# Hi to all the expats!



## Bazzanorth (Oct 9, 2013)

Hi people,

I decided I would not be a rule breaker and introduce myself!

I'm Barry,24 and from London.I have just flown out here and have job settled.However,I will be needing to find accommodation as from the 9th possible earlier (currently in internet city holiday express). I have looked at dubizzle but not had a great deal of feedback as of yet.if any of you know of anyone I would gladly appreciate your help.

Thanks,
Barry Goertz


----------



## VWCefiro (Jan 27, 2013)

Hello and welcome to the forums 

You can use this site it'll help me a lot deciding on a new place it gathers all the classifies in one place even dubizzle, also it gives you an idea of the average rent in each area of Abu Dhabi and Dubai 

flats/villas for rent/sale in Dubai from Dubizzle,Gulf news,Bayut,Bayt,e-waseet,Property finder,i-dar


----------



## Bazzanorth (Oct 9, 2013)

Thanks a lot looks good!


----------



## VWCefiro (Jan 27, 2013)

No problem others can chime in, but you might get more responses in the Dubai section since I think your located there so try posting over there.

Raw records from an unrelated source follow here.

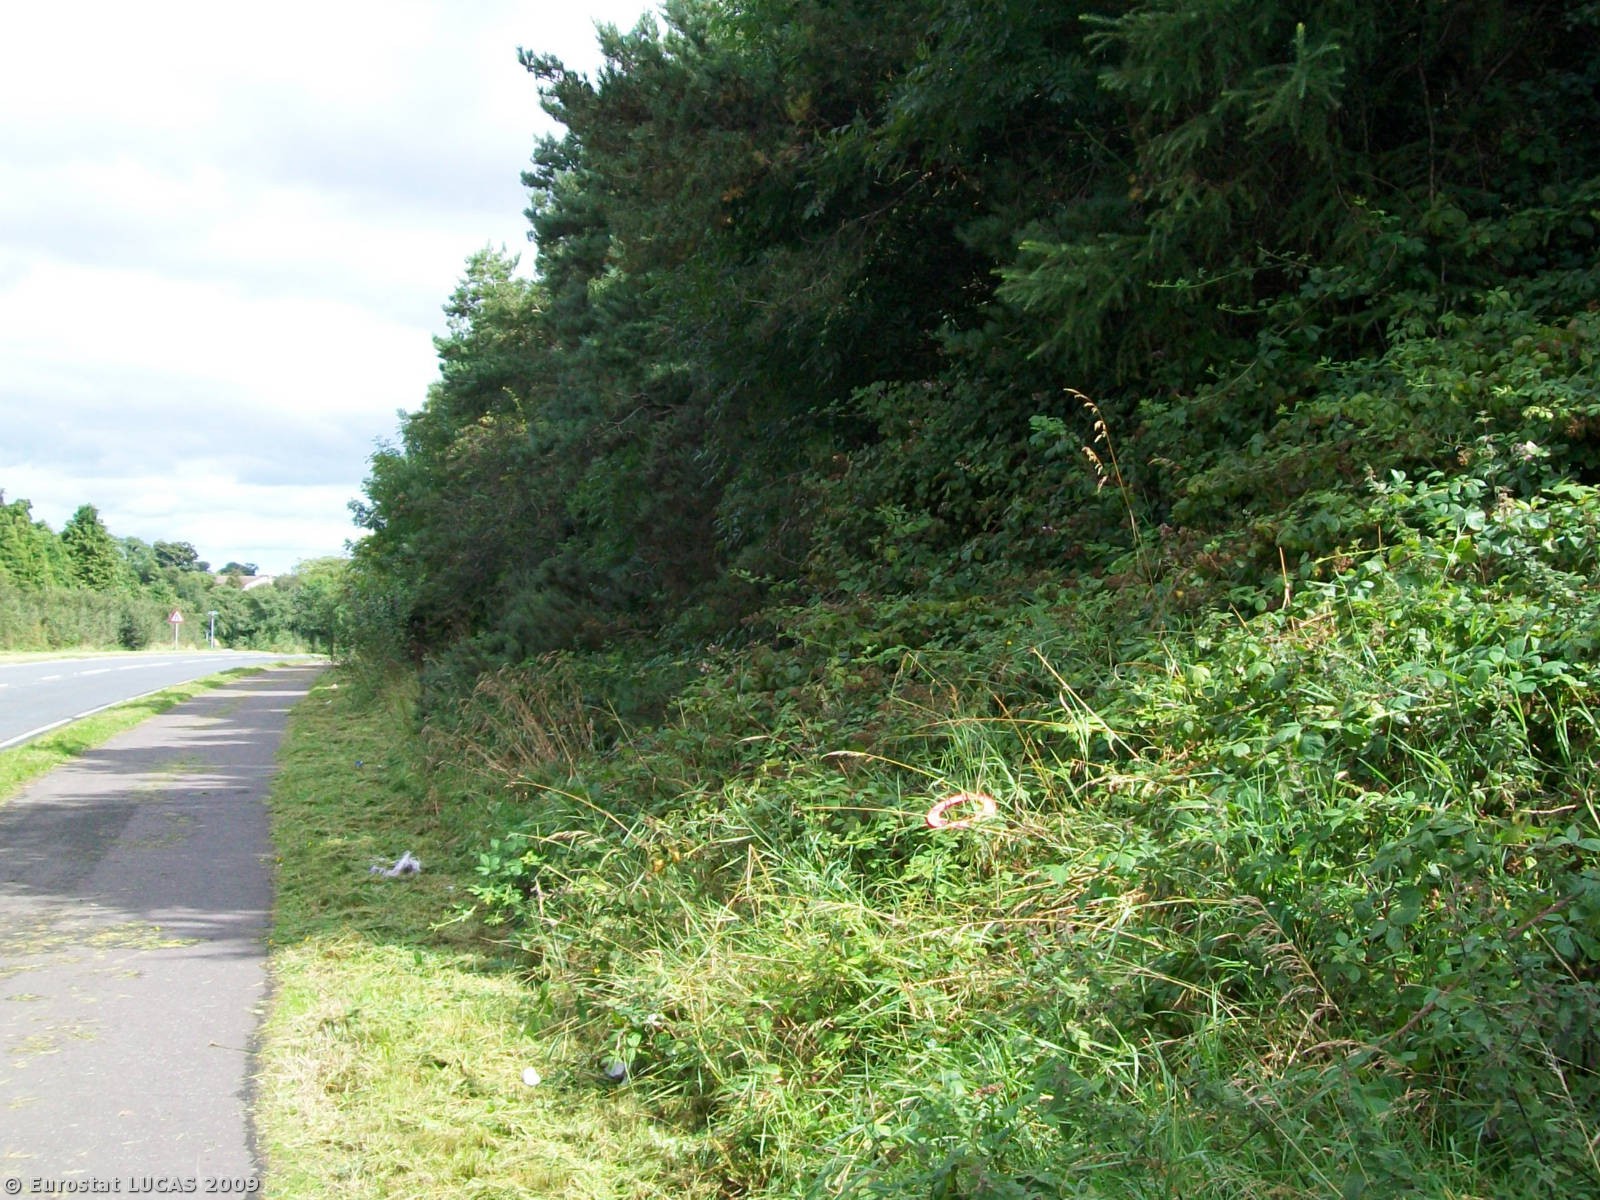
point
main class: Artificial land
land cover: Non built-up linear features
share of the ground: > 75 %
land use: Road transport
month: August
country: GB
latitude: 54.3901
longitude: -5.6708
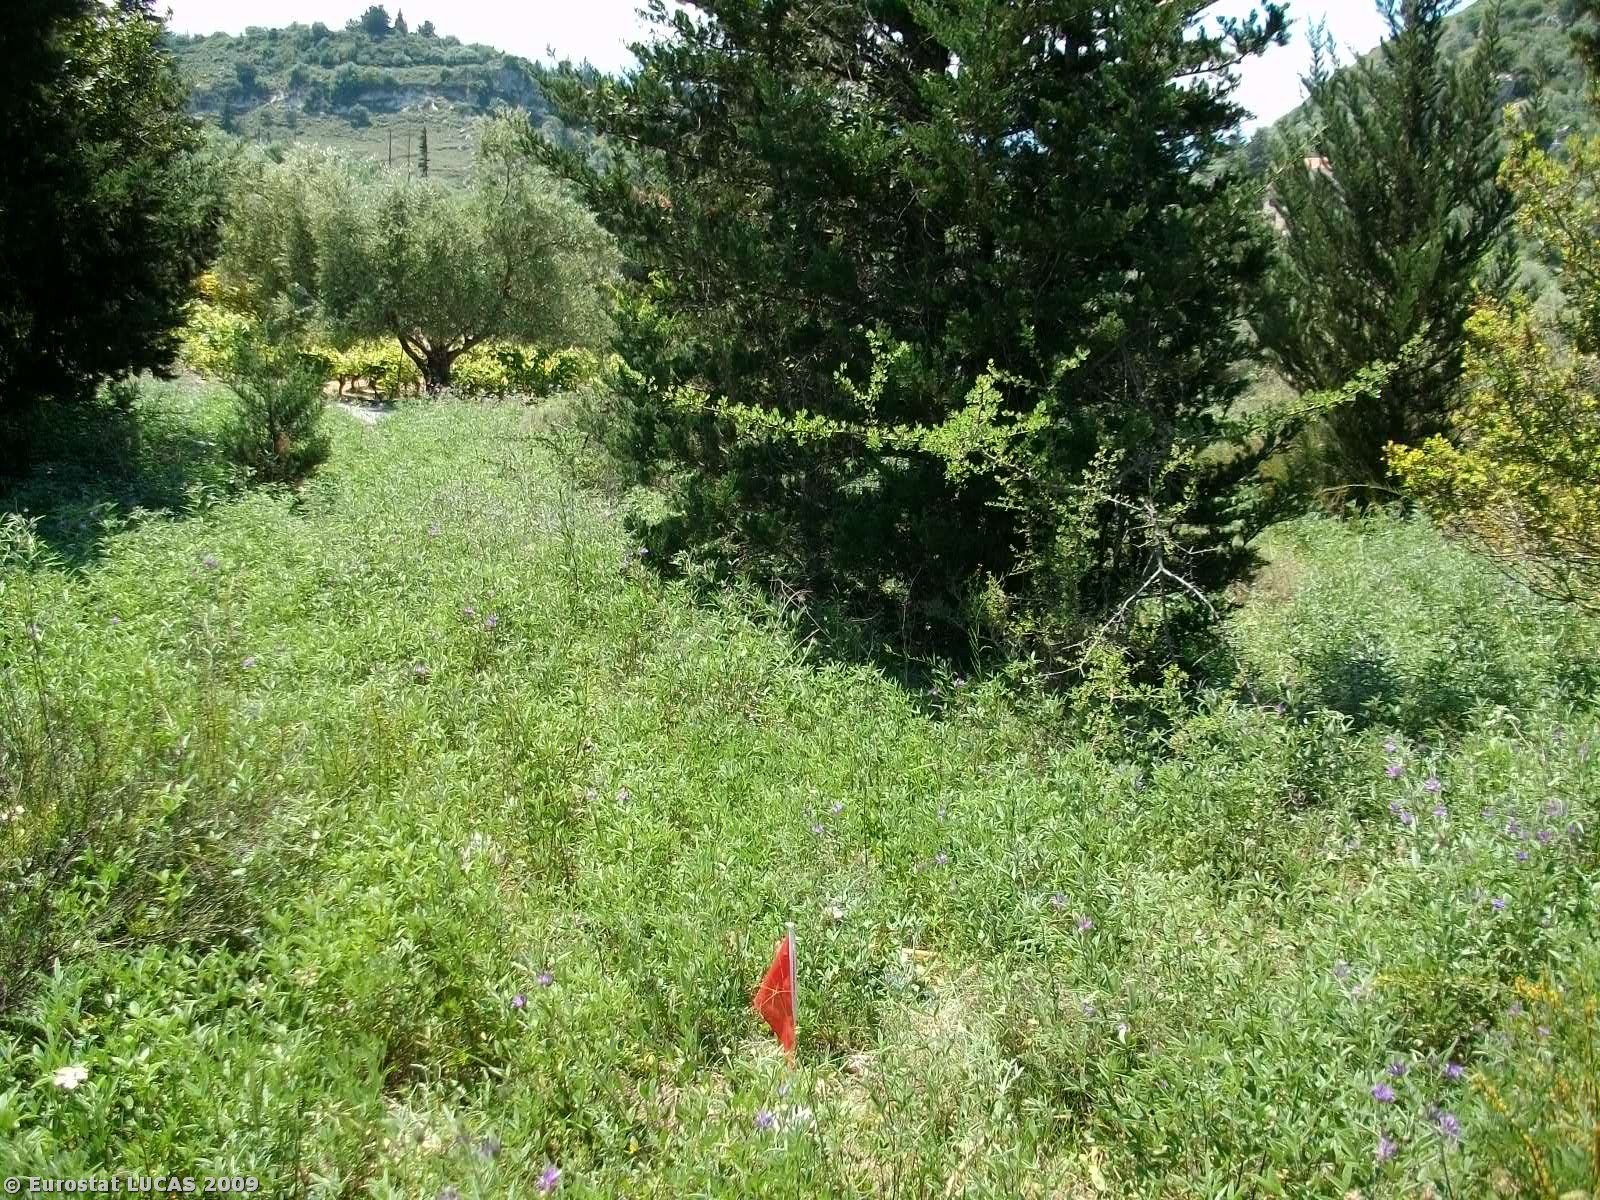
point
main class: Woodland
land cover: Mixed woodland
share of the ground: 25 - 50 %
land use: Forestry
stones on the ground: < 10 %
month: May
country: GR
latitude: 35.3673
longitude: 24.2159

Dubai Expat Forum for Expats Living in Dubai - Expat Forum For People Moving Overseas And Living Abroad


----------



## Bazzanorth (Oct 9, 2013)

Oo am I I didn't realise ill repost there too thanks for your help though!


----------



## nikkisizer (Aug 20, 2011)

Hi Barry,

Check out this website which you may find of use:

Dubai Property Dubai Real Estate

Good luck!


----------



## Bazzanorth (Oct 9, 2013)

thanks for your help.

I cant find something in my budget with better homes do you know of any others??

Thanks,
Barry


----------